* **RAW DATA**:

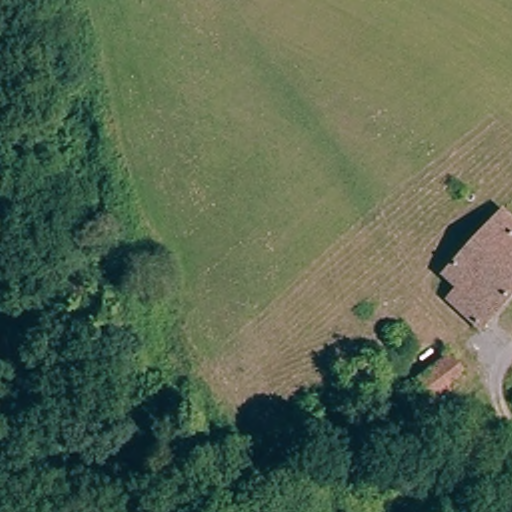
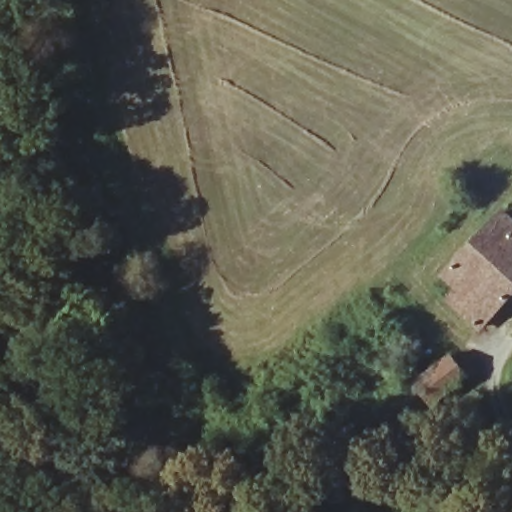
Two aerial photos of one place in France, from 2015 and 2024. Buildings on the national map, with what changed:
unchanged [(450,282),(502,211),(512,218),(512,300),(490,330),(462,307),(469,297),(450,282)]
unchanged [(445,353),(468,377),(436,407),(415,382),(445,353)]

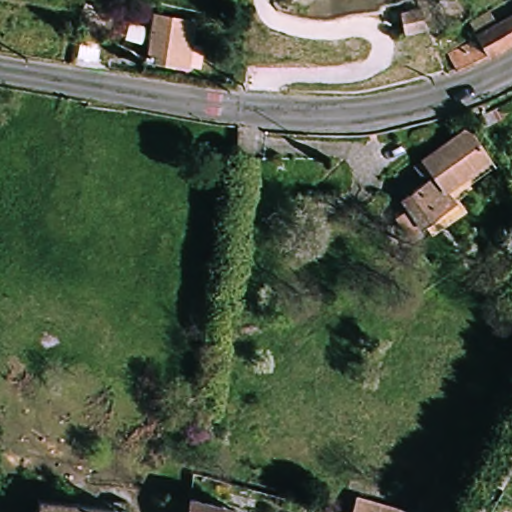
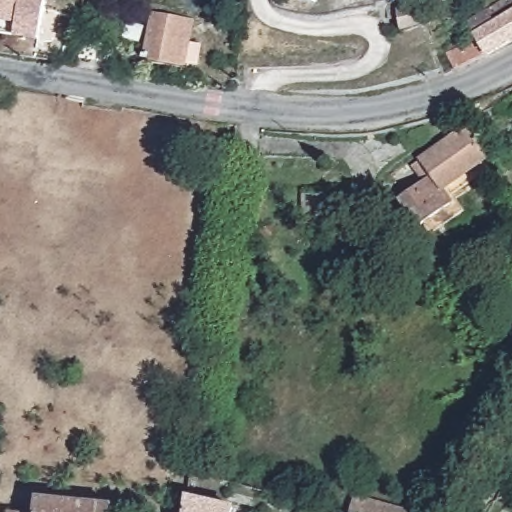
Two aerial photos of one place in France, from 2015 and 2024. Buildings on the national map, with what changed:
new [(42,0),(38,35),(0,30),(0,0),(42,0)]
unchanged [(428,0),(436,0),(444,20),(408,35),(397,11),(428,0)]
unchanged [(496,0),(497,0),(512,0),(512,39),(464,61),(454,43),(505,20),(496,0)]
unchanged [(144,59),(150,17),(191,20),(187,61),(144,59)]
unchanged [(106,45),(101,68),(78,65),(81,43),(106,45)]
unchanged [(487,159),(444,188),(452,205),(413,231),(395,204),(429,178),(418,161),(467,126),(487,159)]
unchanged [(37,490),(127,499),(125,512),(32,512),(37,490)]
unchanged [(233,502),(231,512),(180,512),(183,492),(233,502)]
unchanged [(407,510),(406,512),(351,512),(355,496),(407,510)]

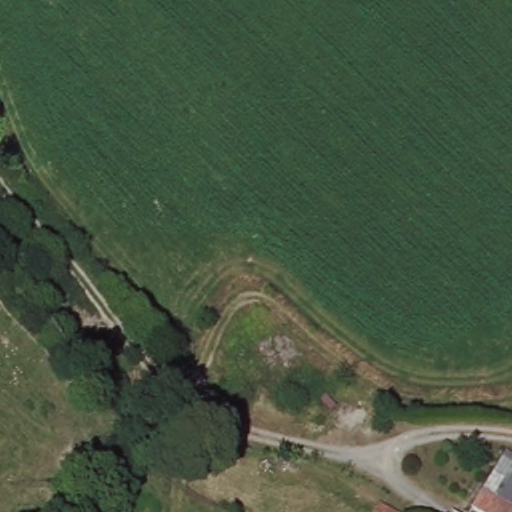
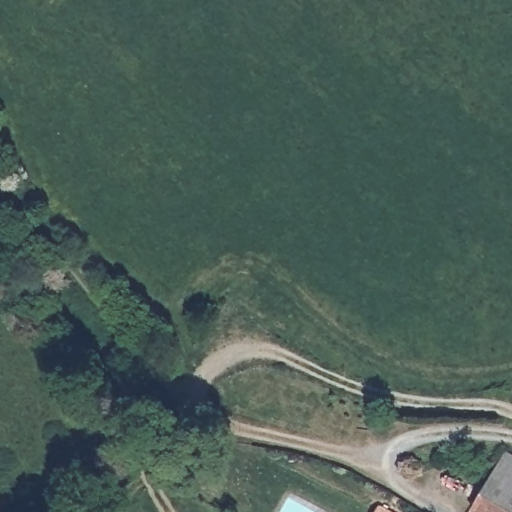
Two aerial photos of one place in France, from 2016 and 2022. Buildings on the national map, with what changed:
unchanged [(489,480),(504,455),(512,460),(512,512),(473,512),(471,511),(489,480)]
unchanged [(375,512),(380,503),(397,512),(375,512)]

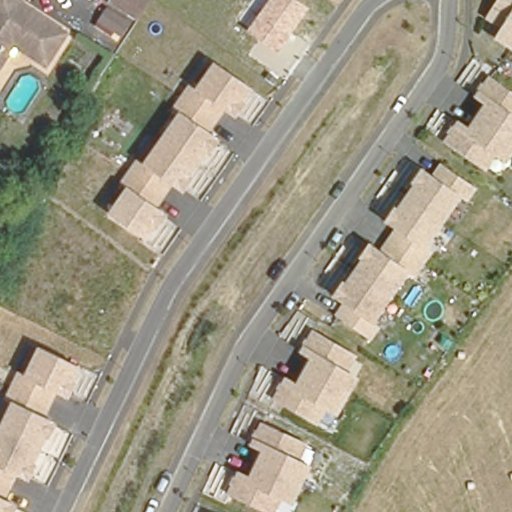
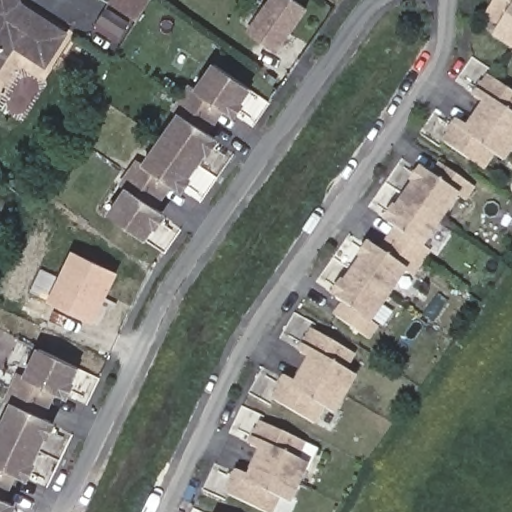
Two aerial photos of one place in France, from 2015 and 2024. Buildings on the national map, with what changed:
unchanged [(64,40),(44,73),(11,52),(0,69),(0,0),(14,0),(17,10),(64,40)]
unchanged [(106,0),(148,0),(136,19),(106,0)]
unchanged [(247,30),(268,0),(297,0),(309,8),(279,52),(247,30)]
unchanged [(493,41),(500,29),(486,21),(499,0),(512,0),(512,51),(493,41)]
new [(106,8),(130,21),(121,37),(96,23),(106,8)]
unchanged [(236,117),(226,111),(209,133),(220,140),(186,192),(174,185),(160,208),(169,214),(150,242),(107,217),(126,190),(118,185),(135,159),(145,163),(177,115),(171,111),(189,83),(197,88),(212,64),(254,90),(236,117)]
unchanged [(508,160),(497,155),(486,170),(445,139),(457,118),(467,125),(485,103),(472,95),(487,76),(512,92),(512,156),(508,160)]
unchanged [(333,315),(342,300),(332,295),(371,241),(383,246),(395,227),(385,221),(423,167),(433,174),(440,162),(477,187),(467,204),(460,200),(426,248),(436,251),(417,279),(409,273),(373,323),(381,327),(372,340),(333,315)]
new [(72,251),(117,273),(106,297),(117,303),(115,308),(110,305),(100,326),(47,300),(72,251)]
unchanged [(351,371),(360,377),(340,413),(329,409),(320,425),(273,397),(285,376),(296,381),(309,359),(299,352),(312,329),(357,357),(351,371)]
unchanged [(55,393),(45,416),(56,421),(30,479),(17,476),(6,500),(17,504),(13,512),(0,512),(0,430),(12,403),(3,400),(17,371),(27,374),(40,347),(82,368),(69,397),(55,393)]
unchanged [(301,458),(313,464),(295,502),(283,498),(276,512),(266,512),(226,493),(238,467),(252,473),(262,450),(247,442),(260,421),(308,444),(301,458)]

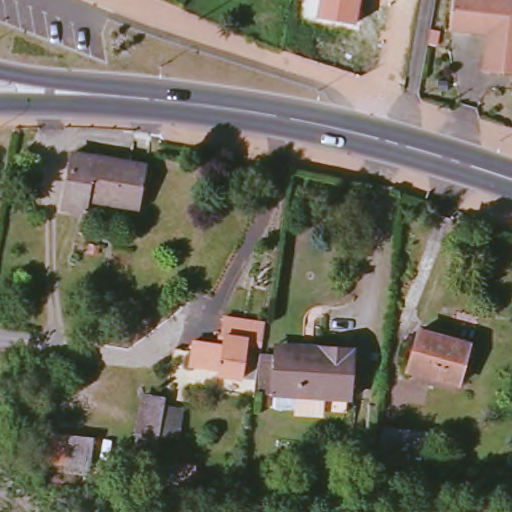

* **PROBLEM REQUIREMENTS**:
Each line of the records above must be repeated exactly, but no picture belongs in the copy.

* **RESPONSE TO THE EXERCISE**:
Two aerial photos of one place in France, from 2015 and 2024. Buildings on the national map, with what changed:
unchanged [(450,282),(502,211),(512,218),(512,300),(490,330),(462,307),(469,297),(450,282)]
unchanged [(445,353),(468,377),(436,407),(415,382),(445,353)]

Two aerial photos of one place in France, from 2015 and 2024. Buildings on the national map, with what changed:
new [(42,0),(38,35),(0,30),(0,0),(42,0)]
unchanged [(428,0),(436,0),(444,20),(408,35),(397,11),(428,0)]
unchanged [(496,0),(497,0),(512,0),(512,39),(464,61),(454,43),(505,20),(496,0)]
unchanged [(144,59),(150,17),(191,20),(187,61),(144,59)]
unchanged [(106,45),(101,68),(78,65),(81,43),(106,45)]
unchanged [(487,159),(444,188),(452,205),(413,231),(395,204),(429,178),(418,161),(467,126),(487,159)]
unchanged [(37,490),(127,499),(125,512),(32,512),(37,490)]
unchanged [(233,502),(231,512),(180,512),(183,492),(233,502)]
unchanged [(407,510),(406,512),(351,512),(355,496),(407,510)]

Two aerial photos of one place in France, from 2016 and 2022. Buildings on the national map, with what changed:
unchanged [(489,480),(504,455),(512,460),(512,512),(473,512),(471,511),(489,480)]
unchanged [(375,512),(380,503),(397,512),(375,512)]

Two aerial photos of one place in France, from 2015 and 2024. Buildings on the national map, with what changed:
unchanged [(64,40),(44,73),(11,52),(0,69),(0,0),(14,0),(17,10),(64,40)]
unchanged [(106,0),(148,0),(136,19),(106,0)]
unchanged [(247,30),(268,0),(297,0),(309,8),(279,52),(247,30)]
unchanged [(493,41),(500,29),(486,21),(499,0),(512,0),(512,51),(493,41)]
new [(106,8),(130,21),(121,37),(96,23),(106,8)]
unchanged [(236,117),(226,111),(209,133),(220,140),(186,192),(174,185),(160,208),(169,214),(150,242),(107,217),(126,190),(118,185),(135,159),(145,163),(177,115),(171,111),(189,83),(197,88),(212,64),(254,90),(236,117)]
unchanged [(508,160),(497,155),(486,170),(445,139),(457,118),(467,125),(485,103),(472,95),(487,76),(512,92),(512,156),(508,160)]
unchanged [(333,315),(342,300),(332,295),(371,241),(383,246),(395,227),(385,221),(423,167),(433,174),(440,162),(477,187),(467,204),(460,200),(426,248),(436,251),(417,279),(409,273),(373,323),(381,327),(372,340),(333,315)]
new [(72,251),(117,273),(106,297),(117,303),(115,308),(110,305),(100,326),(47,300),(72,251)]
unchanged [(351,371),(360,377),(340,413),(329,409),(320,425),(273,397),(285,376),(296,381),(309,359),(299,352),(312,329),(357,357),(351,371)]
unchanged [(55,393),(45,416),(56,421),(30,479),(17,476),(6,500),(17,504),(13,512),(0,512),(0,430),(12,403),(3,400),(17,371),(27,374),(40,347),(82,368),(69,397),(55,393)]
unchanged [(301,458),(313,464),(295,502),(283,498),(276,512),(266,512),(226,493),(238,467),(252,473),(262,450),(247,442),(260,421),(308,444),(301,458)]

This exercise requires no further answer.